What you have to do:
Give back the whole listing verbatim, printing none of its pictures.

Data to examine:
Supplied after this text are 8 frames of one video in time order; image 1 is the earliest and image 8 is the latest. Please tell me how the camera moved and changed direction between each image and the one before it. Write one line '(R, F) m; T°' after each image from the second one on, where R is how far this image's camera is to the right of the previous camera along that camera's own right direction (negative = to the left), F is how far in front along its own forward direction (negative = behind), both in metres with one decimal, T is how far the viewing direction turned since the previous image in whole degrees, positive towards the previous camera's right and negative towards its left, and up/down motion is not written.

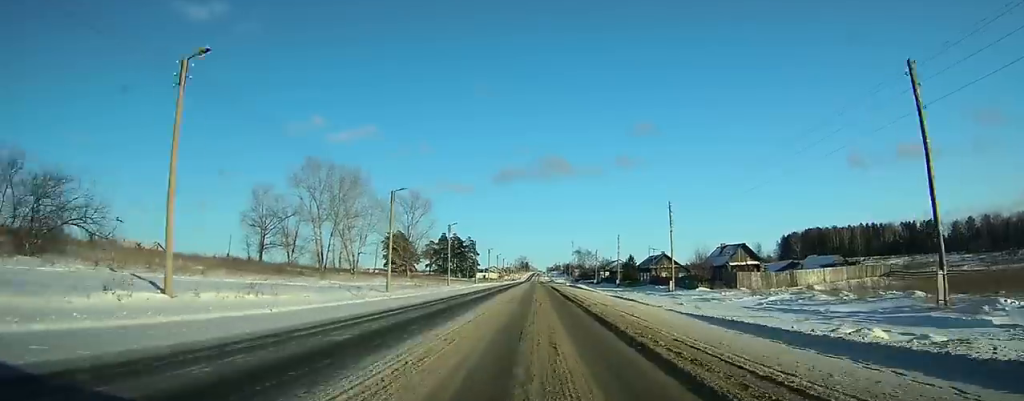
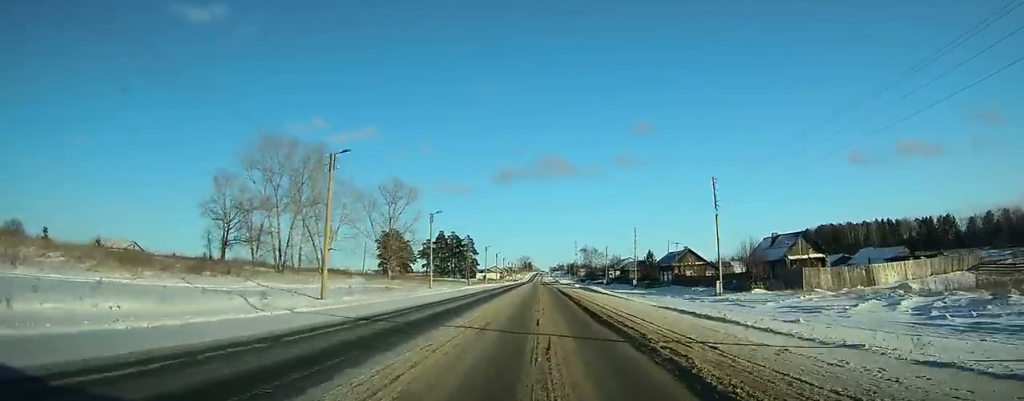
(-0.1, +14.5) m; 0°
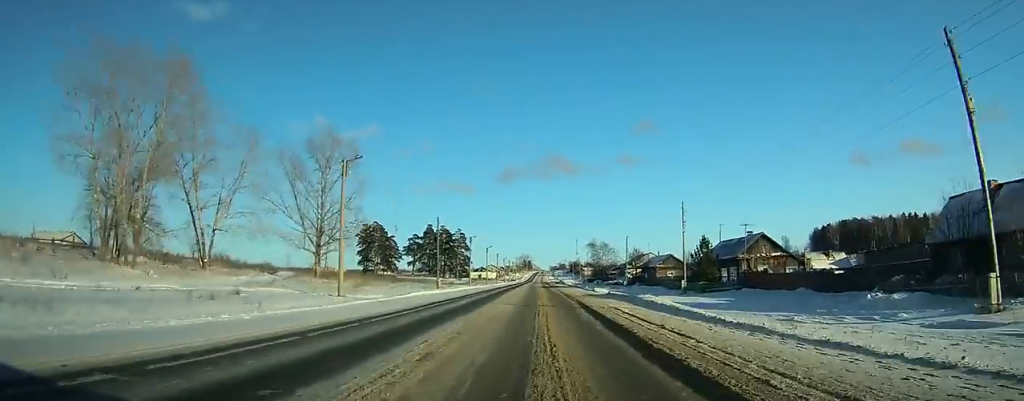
(+0.2, +28.3) m; 0°
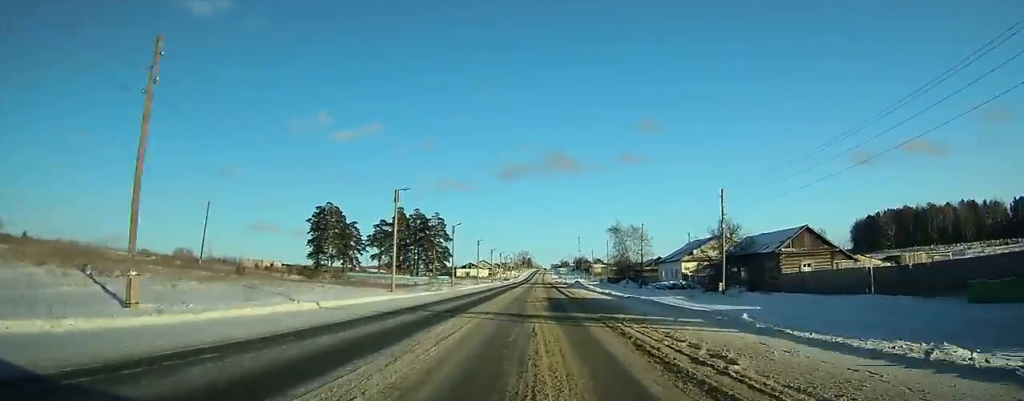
(-0.5, +50.5) m; -1°
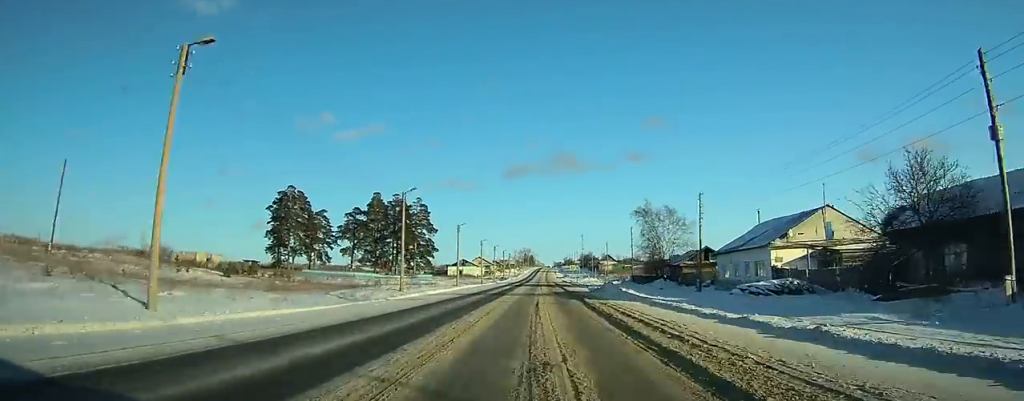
(-0.2, +30.0) m; -1°
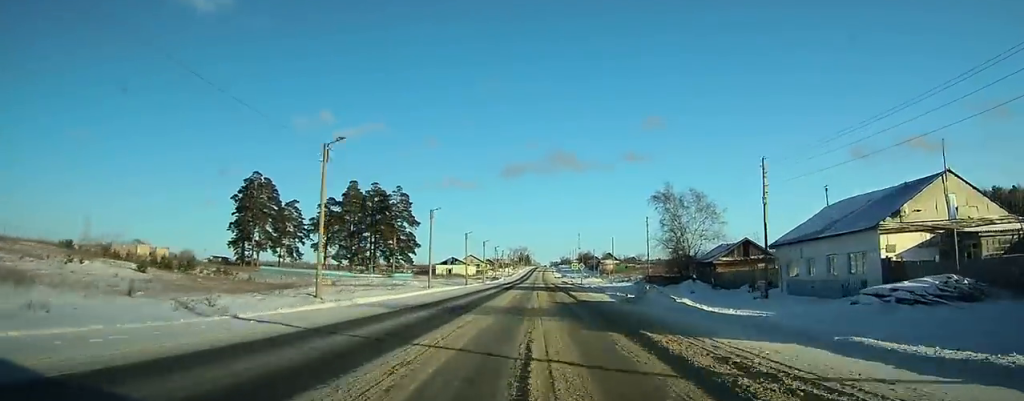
(-0.1, +17.2) m; 0°
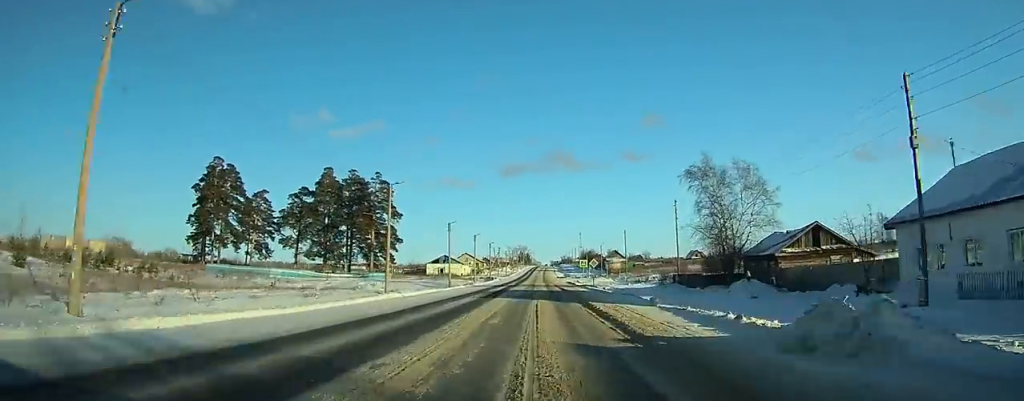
(0.0, +17.2) m; 0°
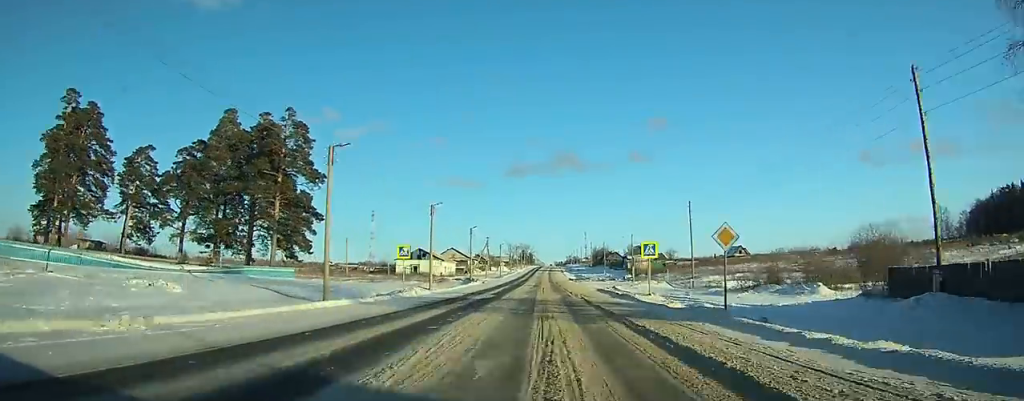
(+0.3, +43.2) m; +1°

Reply:
Supplied after this text are 8 frames of one video in time order; image 1 is the earliest and image 8 is the latest. Please tell me how the camera moved and changed direction between each image and the one before it. Write one line '(R, F) m; T°' after each image from the second one on, where R is how far this image's camera is to the right of the previous camera along that camera's own right direction (negative = to the left), F is how far in front along its own forward direction (negative = behind), both in metres with one decimal, T is how far the viewing direction turned since the previous image in whole degrees, positive towards the previous camera's right and negative towards its left, and up/down motion is not written.

(-0.1, +14.5) m; 0°
(+0.2, +28.3) m; 0°
(-0.5, +50.5) m; -1°
(-0.2, +30.0) m; -1°
(-0.1, +17.2) m; 0°
(0.0, +17.2) m; 0°
(+0.3, +43.2) m; +1°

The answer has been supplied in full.